# Allis to the Rescue



## glenway (Mar 27, 2011)

Prep for deer seasons starts early. Already, the food plots have been disked twice. It's time to get some lime (increases ph of soil) and fertilizer in the ground but my 4-wheeler needs work and couldn't answer the bell. So, I rigged up my spreader to my old Allis Chalmers IB and got the job done.

What's odd about this is that this tractor has probably never seen any farm work in its 64-year lifetime, because it's not designed for that type of work; it's an industrial tractor. I needed 12-volt power for the spreader and the Allis fit the bill. Just zip tied it to the carrier attached to the hitch. Worked great.

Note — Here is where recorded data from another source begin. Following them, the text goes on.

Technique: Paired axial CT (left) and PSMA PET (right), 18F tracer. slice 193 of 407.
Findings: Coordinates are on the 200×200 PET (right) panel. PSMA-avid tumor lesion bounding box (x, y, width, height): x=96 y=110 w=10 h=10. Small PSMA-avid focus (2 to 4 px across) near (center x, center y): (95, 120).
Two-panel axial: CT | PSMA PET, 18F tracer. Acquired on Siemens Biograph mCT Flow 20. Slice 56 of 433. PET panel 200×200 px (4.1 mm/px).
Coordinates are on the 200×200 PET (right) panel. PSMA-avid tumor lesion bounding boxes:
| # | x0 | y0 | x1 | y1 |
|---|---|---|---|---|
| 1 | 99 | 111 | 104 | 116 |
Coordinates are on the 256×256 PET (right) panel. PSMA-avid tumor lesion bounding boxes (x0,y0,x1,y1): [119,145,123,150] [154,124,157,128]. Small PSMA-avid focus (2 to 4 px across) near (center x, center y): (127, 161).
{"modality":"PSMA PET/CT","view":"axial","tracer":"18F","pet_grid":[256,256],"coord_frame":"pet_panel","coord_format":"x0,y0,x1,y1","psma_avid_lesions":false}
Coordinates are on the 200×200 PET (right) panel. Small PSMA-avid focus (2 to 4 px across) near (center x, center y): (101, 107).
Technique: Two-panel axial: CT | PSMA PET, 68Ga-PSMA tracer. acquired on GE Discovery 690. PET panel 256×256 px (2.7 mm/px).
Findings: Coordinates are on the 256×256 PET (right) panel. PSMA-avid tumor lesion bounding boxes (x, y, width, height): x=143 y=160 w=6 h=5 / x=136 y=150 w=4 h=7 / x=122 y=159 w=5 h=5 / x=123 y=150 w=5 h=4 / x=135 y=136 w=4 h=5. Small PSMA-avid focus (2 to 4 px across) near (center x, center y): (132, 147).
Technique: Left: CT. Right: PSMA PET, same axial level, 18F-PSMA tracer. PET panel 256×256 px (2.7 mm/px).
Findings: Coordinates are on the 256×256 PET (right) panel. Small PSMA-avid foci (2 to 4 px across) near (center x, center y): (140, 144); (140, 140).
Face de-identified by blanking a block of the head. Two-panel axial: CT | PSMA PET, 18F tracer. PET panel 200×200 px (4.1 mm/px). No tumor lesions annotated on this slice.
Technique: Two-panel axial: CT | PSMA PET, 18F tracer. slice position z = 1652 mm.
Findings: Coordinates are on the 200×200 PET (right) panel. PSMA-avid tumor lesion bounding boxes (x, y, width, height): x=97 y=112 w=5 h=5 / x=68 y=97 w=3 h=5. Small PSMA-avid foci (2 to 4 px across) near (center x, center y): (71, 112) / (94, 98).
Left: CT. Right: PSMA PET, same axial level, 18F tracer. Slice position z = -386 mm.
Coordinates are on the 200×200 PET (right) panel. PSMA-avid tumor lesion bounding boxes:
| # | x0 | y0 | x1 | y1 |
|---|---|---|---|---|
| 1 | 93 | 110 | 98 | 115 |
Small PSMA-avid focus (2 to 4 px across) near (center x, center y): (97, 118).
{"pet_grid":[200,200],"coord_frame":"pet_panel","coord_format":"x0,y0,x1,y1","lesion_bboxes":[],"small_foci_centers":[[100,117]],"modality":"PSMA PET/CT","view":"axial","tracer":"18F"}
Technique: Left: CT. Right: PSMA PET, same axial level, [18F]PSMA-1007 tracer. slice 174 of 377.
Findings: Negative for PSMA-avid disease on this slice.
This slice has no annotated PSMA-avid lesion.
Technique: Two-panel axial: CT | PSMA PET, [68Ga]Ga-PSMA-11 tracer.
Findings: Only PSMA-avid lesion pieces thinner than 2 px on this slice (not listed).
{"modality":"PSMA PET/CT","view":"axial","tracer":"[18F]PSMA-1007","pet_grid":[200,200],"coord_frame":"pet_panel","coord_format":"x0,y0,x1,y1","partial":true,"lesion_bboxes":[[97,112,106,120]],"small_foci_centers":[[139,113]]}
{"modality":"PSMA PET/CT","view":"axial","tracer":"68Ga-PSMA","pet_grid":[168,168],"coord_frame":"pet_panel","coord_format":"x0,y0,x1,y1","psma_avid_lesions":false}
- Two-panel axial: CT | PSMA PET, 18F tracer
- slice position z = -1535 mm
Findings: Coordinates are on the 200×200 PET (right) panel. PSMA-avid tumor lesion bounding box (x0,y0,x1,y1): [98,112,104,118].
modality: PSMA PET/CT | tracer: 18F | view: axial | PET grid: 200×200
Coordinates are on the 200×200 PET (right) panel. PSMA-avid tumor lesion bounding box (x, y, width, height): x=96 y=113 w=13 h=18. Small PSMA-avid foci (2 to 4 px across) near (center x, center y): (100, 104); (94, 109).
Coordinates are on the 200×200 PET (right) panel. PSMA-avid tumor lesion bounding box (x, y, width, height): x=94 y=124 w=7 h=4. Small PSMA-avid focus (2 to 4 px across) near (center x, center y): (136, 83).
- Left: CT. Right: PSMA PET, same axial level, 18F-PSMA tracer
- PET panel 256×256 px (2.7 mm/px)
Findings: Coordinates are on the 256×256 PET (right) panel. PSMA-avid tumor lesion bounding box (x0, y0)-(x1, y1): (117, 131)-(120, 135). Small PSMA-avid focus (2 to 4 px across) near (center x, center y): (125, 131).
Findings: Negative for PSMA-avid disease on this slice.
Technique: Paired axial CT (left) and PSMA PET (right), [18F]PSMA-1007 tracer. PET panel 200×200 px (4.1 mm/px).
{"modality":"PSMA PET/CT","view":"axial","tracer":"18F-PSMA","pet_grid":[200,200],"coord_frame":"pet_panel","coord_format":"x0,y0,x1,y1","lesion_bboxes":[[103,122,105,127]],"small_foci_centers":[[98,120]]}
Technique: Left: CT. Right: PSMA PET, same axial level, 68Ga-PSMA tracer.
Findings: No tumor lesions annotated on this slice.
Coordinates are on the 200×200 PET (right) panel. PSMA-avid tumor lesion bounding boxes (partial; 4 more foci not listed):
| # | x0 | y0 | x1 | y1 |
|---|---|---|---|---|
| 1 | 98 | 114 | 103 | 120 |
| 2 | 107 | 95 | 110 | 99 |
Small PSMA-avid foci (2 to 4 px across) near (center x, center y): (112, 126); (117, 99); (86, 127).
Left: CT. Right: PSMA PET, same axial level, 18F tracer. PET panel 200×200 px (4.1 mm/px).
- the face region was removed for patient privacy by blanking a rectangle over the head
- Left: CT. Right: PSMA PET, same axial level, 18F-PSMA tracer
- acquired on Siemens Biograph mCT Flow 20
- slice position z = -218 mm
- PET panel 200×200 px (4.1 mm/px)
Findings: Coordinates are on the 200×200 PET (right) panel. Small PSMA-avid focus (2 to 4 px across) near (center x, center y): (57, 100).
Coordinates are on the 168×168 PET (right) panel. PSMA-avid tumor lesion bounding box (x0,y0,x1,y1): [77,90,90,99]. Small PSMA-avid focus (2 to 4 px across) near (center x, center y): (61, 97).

Sure made a dirty mess of the tractor, which has never been so dirty since being restored 3 years ago. Snowplowing is a clean sport but not so in the field. Got it washed up afterward and it will get spruced up and show-ready for display at a tractor show later this year.


----------



## fr3db3ar (Aug 6, 2011)

Sent from my SM-N975U using Tapatalk


----------



## pokeyjeeper (Sep 5, 2013)

Looks great


----------



## glenway (Mar 27, 2011)

Gonna use my ATV sprayer attached to the same carrier next.


----------



## hassell (Feb 9, 2010)

Looking good.


----------



## youngdon (Mar 10, 2010)

Brilliant idea Glen.


----------



## glenway (Mar 27, 2011)

My other tractors are 6-volt or hand-crank. Glad we put that Reese hitch on the Allis a few years ago. No 3-point hydraulics on the Allis like most tractors.


----------